# Work instructions
Copy out nothing but the lines from the one holding "An aerial image." through the end of the entries below, exactly as written and without the pictures.

# Data for this task
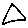
Label: triangle
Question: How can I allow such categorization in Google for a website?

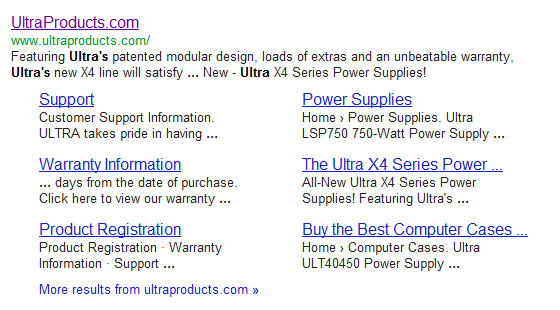
Answer: This is an example of <URL> in Google search results. According to Google:
> We only show sitelinks for results when we think they'll be useful to the user. If the structure of your site doesn't allow our algorithms to find good sitelinks, or we don't think that the sitelinks for your site are relevant for the user's query, we won't show them.
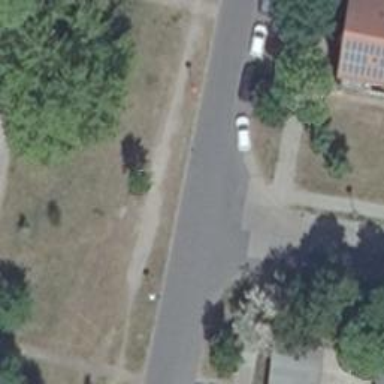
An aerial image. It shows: Residential road with concrete surface and separate sidewalks. There are parallel on-street parking lanes on both sides of the road.
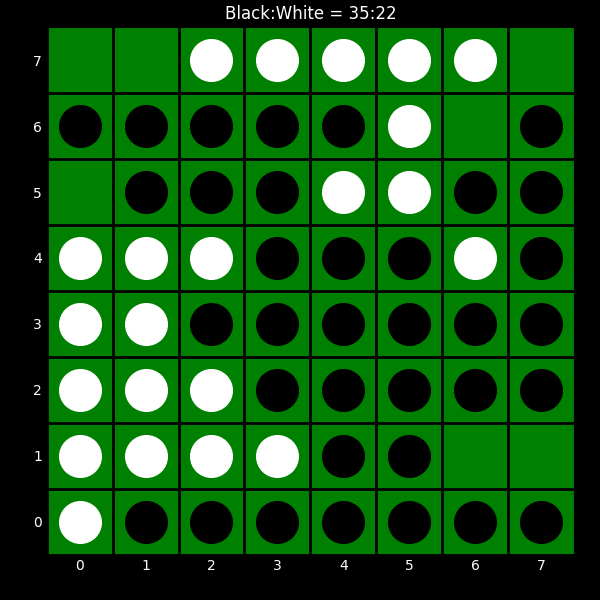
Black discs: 35
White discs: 22

# Output
An aerial image. It shows: Residential road with concrete surface and separate sidewalks. There are parallel on-street parking lanes on both sides of the road.
Black discs: 35
White discs: 22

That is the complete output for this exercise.